*** Block opens ***

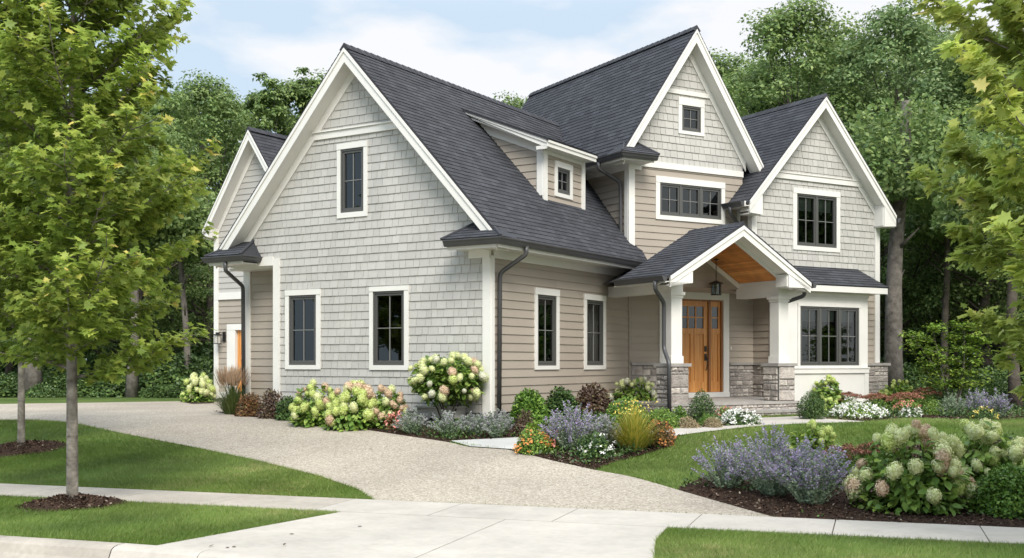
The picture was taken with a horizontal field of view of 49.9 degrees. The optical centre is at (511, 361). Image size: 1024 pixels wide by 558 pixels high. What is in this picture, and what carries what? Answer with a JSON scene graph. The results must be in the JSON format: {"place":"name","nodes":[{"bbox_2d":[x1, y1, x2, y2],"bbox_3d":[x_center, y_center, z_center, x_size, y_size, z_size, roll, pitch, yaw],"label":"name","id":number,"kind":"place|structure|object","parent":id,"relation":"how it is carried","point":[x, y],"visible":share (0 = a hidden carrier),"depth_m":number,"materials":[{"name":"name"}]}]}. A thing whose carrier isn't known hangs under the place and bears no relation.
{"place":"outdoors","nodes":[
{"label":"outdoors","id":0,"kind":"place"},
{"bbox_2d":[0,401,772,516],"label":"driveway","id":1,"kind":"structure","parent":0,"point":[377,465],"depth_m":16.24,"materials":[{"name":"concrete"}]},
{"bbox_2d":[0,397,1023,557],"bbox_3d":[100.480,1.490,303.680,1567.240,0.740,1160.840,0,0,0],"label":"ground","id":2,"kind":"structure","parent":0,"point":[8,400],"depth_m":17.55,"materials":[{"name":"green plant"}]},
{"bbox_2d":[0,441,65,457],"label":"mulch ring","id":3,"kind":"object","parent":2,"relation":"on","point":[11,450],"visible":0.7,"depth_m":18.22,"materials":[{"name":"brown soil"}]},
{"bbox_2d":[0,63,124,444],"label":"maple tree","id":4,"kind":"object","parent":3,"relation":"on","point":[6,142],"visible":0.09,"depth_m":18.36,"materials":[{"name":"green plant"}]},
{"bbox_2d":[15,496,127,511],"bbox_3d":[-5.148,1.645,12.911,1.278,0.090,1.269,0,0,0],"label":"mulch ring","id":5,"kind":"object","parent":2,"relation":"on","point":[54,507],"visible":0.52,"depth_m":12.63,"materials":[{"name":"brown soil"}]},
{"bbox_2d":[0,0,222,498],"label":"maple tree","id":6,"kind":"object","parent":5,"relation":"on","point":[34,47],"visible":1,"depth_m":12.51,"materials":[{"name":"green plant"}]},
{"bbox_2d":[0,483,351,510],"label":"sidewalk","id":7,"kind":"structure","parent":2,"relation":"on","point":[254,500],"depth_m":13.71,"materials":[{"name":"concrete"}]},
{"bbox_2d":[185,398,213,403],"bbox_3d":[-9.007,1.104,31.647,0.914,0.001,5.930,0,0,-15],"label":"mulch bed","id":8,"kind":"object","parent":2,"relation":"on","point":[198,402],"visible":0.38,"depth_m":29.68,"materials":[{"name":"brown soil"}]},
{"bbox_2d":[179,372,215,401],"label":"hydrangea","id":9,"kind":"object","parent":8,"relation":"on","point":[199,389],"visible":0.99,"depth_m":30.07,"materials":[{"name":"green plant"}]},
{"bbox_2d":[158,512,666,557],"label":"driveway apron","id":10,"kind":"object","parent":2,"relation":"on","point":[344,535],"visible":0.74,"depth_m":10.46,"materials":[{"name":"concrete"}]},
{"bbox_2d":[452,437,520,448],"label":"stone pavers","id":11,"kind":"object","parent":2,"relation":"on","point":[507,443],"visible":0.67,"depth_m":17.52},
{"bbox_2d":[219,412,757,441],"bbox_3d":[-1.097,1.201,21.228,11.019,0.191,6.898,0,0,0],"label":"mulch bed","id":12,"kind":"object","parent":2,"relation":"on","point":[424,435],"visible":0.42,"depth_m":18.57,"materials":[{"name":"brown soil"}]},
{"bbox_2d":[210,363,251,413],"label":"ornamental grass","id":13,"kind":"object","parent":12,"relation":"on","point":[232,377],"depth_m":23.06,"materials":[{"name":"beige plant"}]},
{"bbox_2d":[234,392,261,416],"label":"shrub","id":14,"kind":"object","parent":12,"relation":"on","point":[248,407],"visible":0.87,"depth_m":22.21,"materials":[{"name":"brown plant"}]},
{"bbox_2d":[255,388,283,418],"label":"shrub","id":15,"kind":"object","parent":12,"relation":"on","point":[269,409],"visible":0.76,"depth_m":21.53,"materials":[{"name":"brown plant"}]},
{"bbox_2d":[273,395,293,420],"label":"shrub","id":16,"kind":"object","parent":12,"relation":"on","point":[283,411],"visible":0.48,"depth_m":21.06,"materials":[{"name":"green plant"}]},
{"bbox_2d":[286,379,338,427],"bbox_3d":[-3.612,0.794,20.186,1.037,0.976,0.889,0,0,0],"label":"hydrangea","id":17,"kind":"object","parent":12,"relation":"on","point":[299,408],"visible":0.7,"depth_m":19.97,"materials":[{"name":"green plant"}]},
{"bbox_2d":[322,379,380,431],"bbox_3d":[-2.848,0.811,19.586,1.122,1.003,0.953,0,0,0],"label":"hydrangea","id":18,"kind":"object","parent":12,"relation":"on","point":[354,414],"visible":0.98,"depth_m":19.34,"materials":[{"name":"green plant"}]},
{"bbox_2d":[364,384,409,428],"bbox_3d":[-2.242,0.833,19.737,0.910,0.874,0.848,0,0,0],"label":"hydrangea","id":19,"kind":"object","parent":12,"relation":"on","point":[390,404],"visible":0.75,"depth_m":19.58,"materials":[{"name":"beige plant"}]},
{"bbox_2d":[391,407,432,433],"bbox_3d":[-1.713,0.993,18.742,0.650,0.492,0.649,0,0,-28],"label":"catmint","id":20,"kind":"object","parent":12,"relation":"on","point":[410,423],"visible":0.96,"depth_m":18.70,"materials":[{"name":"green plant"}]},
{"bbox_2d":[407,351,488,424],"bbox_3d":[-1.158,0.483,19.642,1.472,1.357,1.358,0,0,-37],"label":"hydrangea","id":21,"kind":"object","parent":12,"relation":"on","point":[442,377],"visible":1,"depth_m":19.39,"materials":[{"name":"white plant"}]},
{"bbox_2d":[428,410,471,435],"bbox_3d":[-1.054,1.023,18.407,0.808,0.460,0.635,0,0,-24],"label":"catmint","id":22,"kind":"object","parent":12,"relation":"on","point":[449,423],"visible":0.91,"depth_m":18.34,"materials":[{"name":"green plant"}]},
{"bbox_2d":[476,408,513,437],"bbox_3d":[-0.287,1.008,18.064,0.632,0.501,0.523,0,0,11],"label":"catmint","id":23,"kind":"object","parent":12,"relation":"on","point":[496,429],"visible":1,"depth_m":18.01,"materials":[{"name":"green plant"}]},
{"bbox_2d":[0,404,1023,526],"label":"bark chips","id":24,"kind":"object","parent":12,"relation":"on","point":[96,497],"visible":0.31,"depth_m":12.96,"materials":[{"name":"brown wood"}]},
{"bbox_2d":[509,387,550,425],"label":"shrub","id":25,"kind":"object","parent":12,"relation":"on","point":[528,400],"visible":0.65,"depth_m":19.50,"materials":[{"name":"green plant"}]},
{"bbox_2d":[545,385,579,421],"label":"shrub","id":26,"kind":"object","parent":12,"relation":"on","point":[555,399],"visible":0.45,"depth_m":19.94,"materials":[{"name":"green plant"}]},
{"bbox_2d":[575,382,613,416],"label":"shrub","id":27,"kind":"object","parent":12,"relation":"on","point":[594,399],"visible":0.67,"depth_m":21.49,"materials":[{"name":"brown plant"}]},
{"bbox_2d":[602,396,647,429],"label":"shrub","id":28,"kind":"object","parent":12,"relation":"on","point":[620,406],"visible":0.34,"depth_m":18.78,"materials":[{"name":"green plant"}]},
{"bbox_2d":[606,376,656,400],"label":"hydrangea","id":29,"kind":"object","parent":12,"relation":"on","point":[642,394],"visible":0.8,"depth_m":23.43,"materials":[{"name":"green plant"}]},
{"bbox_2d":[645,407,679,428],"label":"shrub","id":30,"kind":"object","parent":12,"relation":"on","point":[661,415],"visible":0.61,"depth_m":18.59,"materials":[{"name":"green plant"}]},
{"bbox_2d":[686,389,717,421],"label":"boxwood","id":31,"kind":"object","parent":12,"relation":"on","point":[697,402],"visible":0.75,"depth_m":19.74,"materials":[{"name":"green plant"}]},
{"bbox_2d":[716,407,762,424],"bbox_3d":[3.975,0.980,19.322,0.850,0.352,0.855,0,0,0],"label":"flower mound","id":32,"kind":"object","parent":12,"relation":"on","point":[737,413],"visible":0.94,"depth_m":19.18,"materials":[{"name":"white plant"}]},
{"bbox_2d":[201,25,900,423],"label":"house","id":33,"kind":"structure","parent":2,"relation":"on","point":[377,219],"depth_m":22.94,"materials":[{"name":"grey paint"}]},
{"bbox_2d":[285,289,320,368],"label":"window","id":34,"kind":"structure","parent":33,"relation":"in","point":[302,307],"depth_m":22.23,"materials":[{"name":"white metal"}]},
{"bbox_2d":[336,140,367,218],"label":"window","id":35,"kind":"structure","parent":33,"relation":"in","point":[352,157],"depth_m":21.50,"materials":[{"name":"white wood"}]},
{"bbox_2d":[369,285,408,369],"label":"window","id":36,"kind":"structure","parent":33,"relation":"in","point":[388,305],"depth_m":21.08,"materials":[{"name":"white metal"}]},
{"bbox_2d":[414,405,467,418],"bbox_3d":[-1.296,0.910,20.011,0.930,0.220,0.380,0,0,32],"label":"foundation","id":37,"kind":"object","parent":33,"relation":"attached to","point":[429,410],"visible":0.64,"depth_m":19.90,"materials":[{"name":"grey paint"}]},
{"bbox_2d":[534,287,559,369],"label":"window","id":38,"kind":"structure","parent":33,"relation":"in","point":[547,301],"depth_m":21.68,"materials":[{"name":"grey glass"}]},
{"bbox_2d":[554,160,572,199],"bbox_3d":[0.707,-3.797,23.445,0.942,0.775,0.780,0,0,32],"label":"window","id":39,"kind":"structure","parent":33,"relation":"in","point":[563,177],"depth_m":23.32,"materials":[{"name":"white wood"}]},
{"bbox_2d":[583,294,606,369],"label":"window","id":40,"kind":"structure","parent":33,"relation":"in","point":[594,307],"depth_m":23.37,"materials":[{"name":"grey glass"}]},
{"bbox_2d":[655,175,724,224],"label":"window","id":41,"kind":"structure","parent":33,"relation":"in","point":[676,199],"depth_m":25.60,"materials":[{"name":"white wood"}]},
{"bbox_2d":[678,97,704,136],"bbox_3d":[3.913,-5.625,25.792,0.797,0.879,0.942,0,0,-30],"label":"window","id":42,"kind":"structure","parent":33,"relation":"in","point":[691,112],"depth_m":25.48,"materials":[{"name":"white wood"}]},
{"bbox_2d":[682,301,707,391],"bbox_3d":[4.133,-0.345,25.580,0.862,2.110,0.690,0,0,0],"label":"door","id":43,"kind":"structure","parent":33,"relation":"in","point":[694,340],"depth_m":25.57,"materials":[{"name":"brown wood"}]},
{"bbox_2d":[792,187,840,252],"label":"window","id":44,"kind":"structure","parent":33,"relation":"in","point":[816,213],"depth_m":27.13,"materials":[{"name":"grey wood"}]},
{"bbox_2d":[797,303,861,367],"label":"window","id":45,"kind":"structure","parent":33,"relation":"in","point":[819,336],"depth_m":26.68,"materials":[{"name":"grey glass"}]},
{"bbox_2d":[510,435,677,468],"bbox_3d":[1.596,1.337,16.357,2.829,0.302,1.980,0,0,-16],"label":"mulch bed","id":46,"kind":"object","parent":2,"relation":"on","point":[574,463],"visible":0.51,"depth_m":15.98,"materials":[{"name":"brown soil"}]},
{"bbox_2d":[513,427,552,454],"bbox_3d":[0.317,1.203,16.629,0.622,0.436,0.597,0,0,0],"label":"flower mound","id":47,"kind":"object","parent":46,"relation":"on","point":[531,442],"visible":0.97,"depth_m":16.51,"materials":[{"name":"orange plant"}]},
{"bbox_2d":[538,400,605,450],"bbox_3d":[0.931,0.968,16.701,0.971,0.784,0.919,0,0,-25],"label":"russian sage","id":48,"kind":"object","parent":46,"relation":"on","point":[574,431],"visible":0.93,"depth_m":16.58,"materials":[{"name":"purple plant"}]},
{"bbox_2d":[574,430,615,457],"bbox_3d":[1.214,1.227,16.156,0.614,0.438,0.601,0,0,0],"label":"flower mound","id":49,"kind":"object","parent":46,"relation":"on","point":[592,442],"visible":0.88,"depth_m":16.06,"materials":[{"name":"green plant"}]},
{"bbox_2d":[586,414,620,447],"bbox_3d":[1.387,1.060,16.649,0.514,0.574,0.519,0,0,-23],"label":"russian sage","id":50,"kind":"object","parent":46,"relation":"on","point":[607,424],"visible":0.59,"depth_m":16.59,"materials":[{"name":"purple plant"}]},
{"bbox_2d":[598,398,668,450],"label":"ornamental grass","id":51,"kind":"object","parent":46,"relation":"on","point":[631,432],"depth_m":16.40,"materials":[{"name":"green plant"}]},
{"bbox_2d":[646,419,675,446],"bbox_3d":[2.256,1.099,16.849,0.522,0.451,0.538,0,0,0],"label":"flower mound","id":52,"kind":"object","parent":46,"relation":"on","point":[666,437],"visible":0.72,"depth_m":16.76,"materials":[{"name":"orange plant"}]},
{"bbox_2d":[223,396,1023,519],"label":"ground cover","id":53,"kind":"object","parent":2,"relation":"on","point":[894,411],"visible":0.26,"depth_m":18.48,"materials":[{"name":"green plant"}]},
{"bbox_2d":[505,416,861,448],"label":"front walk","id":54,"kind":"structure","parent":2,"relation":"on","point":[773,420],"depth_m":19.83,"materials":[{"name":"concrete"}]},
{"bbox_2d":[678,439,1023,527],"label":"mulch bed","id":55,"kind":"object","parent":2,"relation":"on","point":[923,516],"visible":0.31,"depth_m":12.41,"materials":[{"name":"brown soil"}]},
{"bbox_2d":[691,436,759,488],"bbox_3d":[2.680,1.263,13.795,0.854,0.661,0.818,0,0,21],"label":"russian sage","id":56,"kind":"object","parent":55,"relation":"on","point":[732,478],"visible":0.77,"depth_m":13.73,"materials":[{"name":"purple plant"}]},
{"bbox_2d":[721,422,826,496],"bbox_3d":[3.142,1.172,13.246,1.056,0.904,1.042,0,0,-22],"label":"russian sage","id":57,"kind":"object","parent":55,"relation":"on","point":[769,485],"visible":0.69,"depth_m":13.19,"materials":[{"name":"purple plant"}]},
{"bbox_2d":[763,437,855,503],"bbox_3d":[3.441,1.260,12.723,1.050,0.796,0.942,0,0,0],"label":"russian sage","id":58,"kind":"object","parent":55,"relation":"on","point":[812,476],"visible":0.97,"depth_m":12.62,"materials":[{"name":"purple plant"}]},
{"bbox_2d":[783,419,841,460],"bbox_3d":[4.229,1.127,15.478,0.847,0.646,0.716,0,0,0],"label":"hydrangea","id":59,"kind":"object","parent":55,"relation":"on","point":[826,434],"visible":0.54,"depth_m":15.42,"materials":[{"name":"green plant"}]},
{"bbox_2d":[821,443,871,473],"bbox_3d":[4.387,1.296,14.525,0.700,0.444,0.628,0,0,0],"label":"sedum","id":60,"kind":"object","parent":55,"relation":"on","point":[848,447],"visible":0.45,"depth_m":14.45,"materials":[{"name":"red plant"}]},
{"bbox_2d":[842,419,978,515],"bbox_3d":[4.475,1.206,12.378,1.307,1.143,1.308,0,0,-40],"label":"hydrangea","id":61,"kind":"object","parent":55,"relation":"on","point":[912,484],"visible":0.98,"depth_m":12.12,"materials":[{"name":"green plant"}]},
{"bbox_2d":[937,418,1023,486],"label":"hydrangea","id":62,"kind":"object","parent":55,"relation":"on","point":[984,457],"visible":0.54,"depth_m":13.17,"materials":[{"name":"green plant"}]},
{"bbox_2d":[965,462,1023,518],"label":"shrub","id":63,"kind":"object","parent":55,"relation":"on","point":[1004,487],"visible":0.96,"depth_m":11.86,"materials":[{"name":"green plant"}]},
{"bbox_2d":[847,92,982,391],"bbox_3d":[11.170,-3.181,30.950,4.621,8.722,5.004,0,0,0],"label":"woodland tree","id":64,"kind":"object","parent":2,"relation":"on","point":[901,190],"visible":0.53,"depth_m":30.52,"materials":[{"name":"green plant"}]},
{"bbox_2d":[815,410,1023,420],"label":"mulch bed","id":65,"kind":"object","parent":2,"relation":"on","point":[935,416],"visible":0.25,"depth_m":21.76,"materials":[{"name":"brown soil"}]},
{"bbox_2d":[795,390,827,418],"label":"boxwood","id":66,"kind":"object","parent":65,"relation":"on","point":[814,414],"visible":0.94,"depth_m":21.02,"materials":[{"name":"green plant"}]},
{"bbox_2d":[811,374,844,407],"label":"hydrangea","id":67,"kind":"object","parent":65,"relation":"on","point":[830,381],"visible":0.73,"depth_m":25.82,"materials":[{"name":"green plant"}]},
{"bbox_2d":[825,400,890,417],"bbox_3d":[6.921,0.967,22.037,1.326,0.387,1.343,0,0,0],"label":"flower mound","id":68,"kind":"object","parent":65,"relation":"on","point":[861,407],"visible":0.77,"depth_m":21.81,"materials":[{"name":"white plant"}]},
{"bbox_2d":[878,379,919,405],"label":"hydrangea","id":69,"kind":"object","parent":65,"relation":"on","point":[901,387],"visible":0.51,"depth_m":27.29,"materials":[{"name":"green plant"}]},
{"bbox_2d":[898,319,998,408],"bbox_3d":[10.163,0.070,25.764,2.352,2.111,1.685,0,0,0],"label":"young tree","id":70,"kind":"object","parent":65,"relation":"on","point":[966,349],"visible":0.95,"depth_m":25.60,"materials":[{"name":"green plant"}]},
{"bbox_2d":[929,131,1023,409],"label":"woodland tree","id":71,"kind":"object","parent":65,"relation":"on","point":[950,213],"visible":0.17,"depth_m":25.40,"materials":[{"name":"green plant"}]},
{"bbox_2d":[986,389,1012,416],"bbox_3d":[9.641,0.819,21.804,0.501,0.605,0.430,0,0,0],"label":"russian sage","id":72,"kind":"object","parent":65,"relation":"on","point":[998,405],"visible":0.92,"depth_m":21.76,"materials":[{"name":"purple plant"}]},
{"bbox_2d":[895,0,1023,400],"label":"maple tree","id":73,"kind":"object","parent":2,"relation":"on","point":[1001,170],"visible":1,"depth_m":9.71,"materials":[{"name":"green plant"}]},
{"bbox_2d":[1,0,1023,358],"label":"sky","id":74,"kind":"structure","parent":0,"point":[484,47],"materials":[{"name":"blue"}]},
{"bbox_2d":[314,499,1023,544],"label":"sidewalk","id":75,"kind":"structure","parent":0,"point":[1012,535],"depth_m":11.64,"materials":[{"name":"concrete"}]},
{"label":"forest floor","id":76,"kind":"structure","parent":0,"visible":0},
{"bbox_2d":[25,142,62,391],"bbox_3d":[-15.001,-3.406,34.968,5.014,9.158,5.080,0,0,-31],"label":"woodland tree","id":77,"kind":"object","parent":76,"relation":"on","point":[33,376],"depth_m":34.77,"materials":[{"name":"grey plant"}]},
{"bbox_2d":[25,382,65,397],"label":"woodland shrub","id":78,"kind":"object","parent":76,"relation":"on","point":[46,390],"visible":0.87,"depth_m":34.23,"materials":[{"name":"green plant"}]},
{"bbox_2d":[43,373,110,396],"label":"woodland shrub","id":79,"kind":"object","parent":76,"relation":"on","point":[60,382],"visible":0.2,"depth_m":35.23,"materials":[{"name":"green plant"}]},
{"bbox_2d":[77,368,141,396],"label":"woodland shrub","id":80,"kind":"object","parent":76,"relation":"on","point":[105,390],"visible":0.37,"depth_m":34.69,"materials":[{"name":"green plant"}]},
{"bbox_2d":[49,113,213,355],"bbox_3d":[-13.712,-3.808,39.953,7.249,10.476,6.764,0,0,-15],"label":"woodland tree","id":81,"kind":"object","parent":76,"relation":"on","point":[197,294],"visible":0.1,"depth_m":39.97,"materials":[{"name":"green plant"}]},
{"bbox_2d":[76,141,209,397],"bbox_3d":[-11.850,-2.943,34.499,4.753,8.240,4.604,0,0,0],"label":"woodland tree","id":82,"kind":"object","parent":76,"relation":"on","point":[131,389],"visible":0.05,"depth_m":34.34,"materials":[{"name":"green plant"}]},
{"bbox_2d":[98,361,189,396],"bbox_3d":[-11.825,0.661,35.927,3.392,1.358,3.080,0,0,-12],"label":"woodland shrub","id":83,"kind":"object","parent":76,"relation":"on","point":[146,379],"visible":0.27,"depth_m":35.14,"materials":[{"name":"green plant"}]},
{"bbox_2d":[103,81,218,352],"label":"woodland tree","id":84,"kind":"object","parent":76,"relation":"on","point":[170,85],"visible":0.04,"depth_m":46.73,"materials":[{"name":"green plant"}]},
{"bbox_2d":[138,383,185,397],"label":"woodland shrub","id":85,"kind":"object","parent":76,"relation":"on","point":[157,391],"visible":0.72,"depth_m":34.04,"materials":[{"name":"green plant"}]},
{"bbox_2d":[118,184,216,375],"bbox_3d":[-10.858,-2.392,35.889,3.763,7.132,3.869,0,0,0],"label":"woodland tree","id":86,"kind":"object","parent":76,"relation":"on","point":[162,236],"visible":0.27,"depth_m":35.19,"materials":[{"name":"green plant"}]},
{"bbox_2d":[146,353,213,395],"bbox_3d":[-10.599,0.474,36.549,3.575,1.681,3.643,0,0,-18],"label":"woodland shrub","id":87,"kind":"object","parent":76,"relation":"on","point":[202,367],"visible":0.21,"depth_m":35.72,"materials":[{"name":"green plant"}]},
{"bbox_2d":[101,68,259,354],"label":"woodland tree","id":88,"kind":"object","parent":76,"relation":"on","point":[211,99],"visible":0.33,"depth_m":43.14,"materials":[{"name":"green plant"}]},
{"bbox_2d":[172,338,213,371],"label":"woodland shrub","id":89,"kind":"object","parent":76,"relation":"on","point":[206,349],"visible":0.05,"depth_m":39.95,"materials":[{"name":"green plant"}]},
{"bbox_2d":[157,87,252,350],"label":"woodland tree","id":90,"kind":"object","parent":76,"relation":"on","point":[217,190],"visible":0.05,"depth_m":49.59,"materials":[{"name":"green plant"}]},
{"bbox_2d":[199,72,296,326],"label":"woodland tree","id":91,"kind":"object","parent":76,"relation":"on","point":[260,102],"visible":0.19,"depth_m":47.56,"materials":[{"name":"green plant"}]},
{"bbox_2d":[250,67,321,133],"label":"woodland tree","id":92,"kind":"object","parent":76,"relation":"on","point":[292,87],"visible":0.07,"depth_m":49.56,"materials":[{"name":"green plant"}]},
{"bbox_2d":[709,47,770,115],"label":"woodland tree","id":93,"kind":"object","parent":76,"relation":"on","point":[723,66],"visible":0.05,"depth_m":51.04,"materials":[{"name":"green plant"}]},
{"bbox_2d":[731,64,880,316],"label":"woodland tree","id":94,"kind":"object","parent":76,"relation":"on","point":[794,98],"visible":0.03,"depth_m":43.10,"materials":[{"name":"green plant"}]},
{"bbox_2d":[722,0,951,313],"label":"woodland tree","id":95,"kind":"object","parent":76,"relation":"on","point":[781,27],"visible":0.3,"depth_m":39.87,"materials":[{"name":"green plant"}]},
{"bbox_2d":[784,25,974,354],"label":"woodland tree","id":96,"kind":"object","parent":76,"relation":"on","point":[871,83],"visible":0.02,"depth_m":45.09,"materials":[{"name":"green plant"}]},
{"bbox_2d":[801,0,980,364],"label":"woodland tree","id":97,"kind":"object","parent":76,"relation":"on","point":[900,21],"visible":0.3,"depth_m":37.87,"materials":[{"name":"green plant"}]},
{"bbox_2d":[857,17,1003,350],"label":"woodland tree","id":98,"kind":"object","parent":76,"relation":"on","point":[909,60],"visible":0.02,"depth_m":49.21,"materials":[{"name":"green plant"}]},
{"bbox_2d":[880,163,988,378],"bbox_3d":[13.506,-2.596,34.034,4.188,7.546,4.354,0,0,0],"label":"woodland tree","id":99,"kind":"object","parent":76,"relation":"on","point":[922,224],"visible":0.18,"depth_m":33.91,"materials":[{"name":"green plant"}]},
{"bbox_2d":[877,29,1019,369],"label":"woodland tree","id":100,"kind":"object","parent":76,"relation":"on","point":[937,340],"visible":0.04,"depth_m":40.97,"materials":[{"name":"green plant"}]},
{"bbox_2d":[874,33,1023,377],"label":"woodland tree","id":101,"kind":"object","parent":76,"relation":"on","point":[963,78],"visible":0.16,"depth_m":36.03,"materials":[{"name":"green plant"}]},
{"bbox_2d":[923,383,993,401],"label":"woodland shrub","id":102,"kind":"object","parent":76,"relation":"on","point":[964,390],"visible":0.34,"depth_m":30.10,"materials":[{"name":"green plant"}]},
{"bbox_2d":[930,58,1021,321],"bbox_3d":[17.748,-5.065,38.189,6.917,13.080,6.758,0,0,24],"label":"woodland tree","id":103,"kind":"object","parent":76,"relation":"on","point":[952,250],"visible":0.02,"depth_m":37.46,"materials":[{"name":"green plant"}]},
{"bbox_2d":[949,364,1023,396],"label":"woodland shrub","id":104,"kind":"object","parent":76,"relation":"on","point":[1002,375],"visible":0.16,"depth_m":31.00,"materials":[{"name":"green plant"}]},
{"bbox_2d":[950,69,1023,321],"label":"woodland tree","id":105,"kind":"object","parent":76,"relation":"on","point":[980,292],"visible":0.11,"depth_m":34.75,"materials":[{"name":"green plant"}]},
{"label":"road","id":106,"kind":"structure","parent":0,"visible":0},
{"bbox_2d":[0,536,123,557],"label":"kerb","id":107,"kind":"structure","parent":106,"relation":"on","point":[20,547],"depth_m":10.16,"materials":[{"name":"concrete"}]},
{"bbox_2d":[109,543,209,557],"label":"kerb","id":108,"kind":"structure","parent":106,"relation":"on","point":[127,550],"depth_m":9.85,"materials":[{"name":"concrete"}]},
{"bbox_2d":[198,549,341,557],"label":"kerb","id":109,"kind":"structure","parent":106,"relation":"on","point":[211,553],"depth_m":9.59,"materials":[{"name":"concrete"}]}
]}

*** Block closes ***

WHAT YOU NEED TO DO
In the listing, find every line with the word "driveway" and state how many there are, nothing more.

TASK SOLUTION
2